Parents are concerned hundreds of children might have been exposed to coronavirus after a year one student returned from a trip to China and attended school.
The New South Wales state government issued a warning that any students who had traveled to mainland China recently should not attend classes for two weeks.
Despite the advice, the student reportedly returned to Oran Park Public School in south-west Sydney – prompting teachers to send him home after the became aware of his trip to Asia,
The school’s principal, Donna Shevlin, sent a letter to parents this week assuring them that the safety of students was top priority, reports 7 News.
‘A student who recently returned from China has attended school within the medical advice provided by the NSW Health of 14 days self-isolation for people who may have been exposed to the coronavirus,’ the letter read.
‘Once aware of this situation, the school immediately excluded the student from school for 14 days, with a return date of 10th February.’
There is no indication the student in question has shown any symptoms of coronavirus.
There are more than 1150 students attending the school.
Meanwhile, a fifth case of coronavirus has been confirmed in Queensland.
A 37-year-old Chinese woman travelling in Queensland has been confirmed as infected with the deadly virus.
The woman was travelling with the same tour group as the previously confirmed cases and is currently isolated in a stable condition at Gold Coast Hospital.
All nine members of the tour group are in isolation at Gold Coast University Hospital after they arrived to the city on Tigerair flight TT566 from Melbourne on January 27.
A 44-year-old man, a 42-year-old woman, a 37-year-old man and an eight-year-old boy from the group have also contracted the illness.
It’s the state’s fifth confirmed case of the virus, while there are four each in NSW and Victoria, and two cases in South Australia
Of those, three people have recovered and been released.
More than 20 countries have confirmed cases of the virus, which has killed nearly 500 people and infected more than 24,000 in mainland China.
Two Australians on a cruise ship off Japan also contracted coronavirus after being exposed by a previous passenger.
The pair were among 10 people including three each from Japan and Hong Kong, one from the US and one Filipino crew member who tested positive aboard the Diamond Princess.
More than 100 Australians have been evacuated from Wuhan, the epicentre of the outbreak.
Seventy-two people, including infants, were flown on a Qantas flight to Western Australia on Monday before they were taken to Christmas Island.
Another 35 Australians joined an Air New Zealand flight to Auckland before they were transferred to another flight to join the others.
The group will be held on Christmas Island for 14 days, provided they aren’t diagnosed with the illness.
Dr Jeanette Young, the state’s Chief Health Officer, on Tuesday urged anyone who has returned from mainland China in the past 14 weeks and who feels unwell to seek medical help immediately.
‘This is for the safety of those individuals,’ she said.
‘It’s a very early stage of the development of this outbreak, so we don’t fully understand what it means to people, so we really want to test people very early.’
She said she was concerned federal government officials hadn’t handed over all of its data relating to passengers who had flown from mainland China.
More than 400 people have been assessed for coronavirus since screening started at Brisbane International Airport on Sunday.

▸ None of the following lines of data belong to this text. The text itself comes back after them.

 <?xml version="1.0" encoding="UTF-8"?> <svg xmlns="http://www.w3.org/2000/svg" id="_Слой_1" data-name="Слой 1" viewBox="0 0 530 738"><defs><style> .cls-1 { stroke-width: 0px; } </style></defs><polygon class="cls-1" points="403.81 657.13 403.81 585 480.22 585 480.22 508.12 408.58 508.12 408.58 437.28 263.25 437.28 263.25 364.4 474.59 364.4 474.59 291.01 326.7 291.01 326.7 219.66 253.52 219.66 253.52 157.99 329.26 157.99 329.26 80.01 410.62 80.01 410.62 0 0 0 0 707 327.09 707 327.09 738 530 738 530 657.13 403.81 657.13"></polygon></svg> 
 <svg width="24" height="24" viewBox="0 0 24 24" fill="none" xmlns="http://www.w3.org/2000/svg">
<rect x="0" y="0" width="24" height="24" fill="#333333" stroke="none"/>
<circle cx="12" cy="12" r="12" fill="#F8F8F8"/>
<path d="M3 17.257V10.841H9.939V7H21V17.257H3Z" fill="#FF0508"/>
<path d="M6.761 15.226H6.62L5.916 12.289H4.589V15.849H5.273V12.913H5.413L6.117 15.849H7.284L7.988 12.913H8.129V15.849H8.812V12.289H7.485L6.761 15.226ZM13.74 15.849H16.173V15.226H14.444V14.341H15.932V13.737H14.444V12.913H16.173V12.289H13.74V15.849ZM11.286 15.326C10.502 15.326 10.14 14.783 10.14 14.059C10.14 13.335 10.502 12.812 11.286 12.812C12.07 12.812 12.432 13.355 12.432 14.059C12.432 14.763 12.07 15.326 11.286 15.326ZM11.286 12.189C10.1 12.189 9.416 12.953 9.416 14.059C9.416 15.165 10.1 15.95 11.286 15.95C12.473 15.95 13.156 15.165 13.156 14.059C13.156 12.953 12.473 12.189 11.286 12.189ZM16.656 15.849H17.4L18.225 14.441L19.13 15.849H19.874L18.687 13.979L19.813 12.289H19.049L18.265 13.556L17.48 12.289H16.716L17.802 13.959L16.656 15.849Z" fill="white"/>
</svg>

Meanwhile, a Sunshine Coast doctor is leading a team of medical experts treating hundreds of Australians evacuated from the Chinese city of Wuhan to Christmas Island on Monday.
Doctor Daniel Holmes is steering the team providing treatment while the group sits out 14 days of quarantine.
Queensland Premier Annastacia Palaszczuk has begged the federal government to activate natural disaster relief funding in response to the outbreak.
She says the tourism industry is being bled dry by travel bans with the Cairns region alone losing $200million in forward bookings, and exporters including seafood producers who service China losing their entire markets.
Meanwhile, businesses in suburbs such as Eastwood and Chatswood in Sydney fear they will go under due to lack of sales.